- The prices of public services will stop rising automatically depending on the CPI
- The Law will contribute to maintaining the purchasing power of citizens
The Council of Ministers approved today the Draft Law on the Deindexation of the Spanish Economy, for its referral to the Courts, as provided for in the National Reform Program. The ultimate goal is to contribute from the public sector to price stability and to improve competitiveness by eliminating the practice of automatic price increases based on the CPI. Uploads must be justified exclusively by the increase in service costs.
In a context of price stability and belonging to the single currency, automatic indexing results in loss of competitiveness, with an impact on growth and employment. The Bill provides for the creation of a framework, mandatory for the Administration and indicative for the private sector, that promotes price stability. Collective wage bargaining (both in the private sector and for public sector labor personnel), pensions and financial instruments are excluded from the scope.
The general rule for the public sector will be that indexations cannot be made. Price increases must be justified exclusively by the evolution of the service costs. This breaks the inertia of automatic price rises, regardless of costs, and avoids the so-called second round effects (price increases for certain products that directly impact others without any relationship to each other).
In the private sphere, the updates will be subject to the free will of the parties and if there is no explicit agreement, the update will not be carried out. If the agreement between the parties does not specify the reference index, the update index proposed in this Law, the Competitiveness Guarantee Index (IGC) will be used. The variation of the IGC will be equal to inflation in the euro zone minus a corrective factor that will allow to recover lost competitiveness. It will have a ceiling of 2% (inflation objective of the ECB in the medium term) and a floor of 0%.
The Law will contribute to maintaining the purchasing power of citizens. The basic public services covered by the standard represent approximately 7% of the family budget of the Spaniards (about 36,000 million euros per year). A moderate evolution of the prices of these services reinforces the purchasing power of Spanish families, especially if their income has been in some way disconnected from the evolution of the CPI.

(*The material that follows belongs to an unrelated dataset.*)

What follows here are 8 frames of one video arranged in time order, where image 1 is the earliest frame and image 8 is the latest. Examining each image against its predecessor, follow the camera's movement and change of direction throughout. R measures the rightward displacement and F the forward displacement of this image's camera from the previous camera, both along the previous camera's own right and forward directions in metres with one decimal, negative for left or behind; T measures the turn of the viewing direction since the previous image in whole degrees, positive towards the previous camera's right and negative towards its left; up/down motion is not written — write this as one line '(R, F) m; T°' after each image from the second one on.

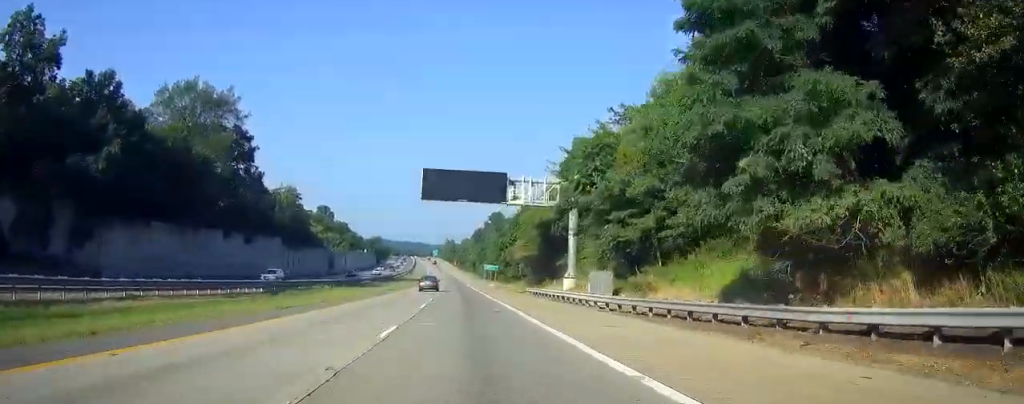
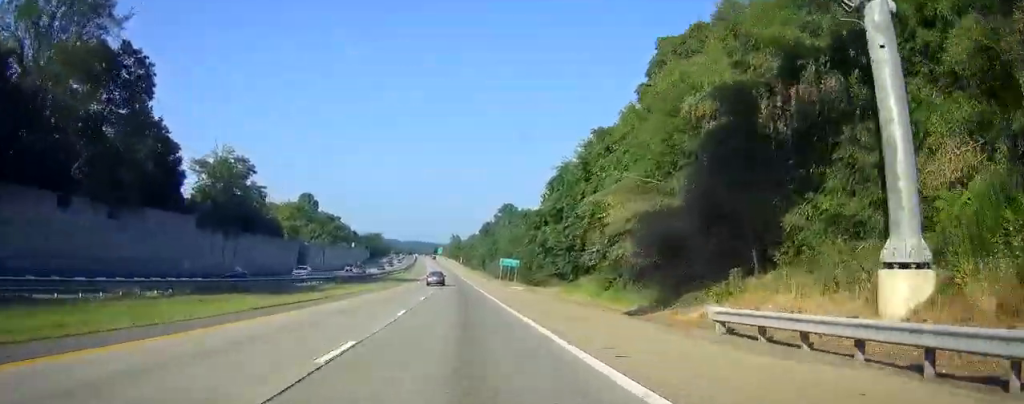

The Government has already provided, by amendment introduced in the Budget Law, a transitional regime until the Law is approved by the Courts. Thus, for contracts and parcels of the public sector, the revision of prices based on a general index is prohibited. The reviews will be carried out on specific indices that reflect the evolution of the costs. In addition, the Project has eliminated the retroactivity initially planned for certain contracts.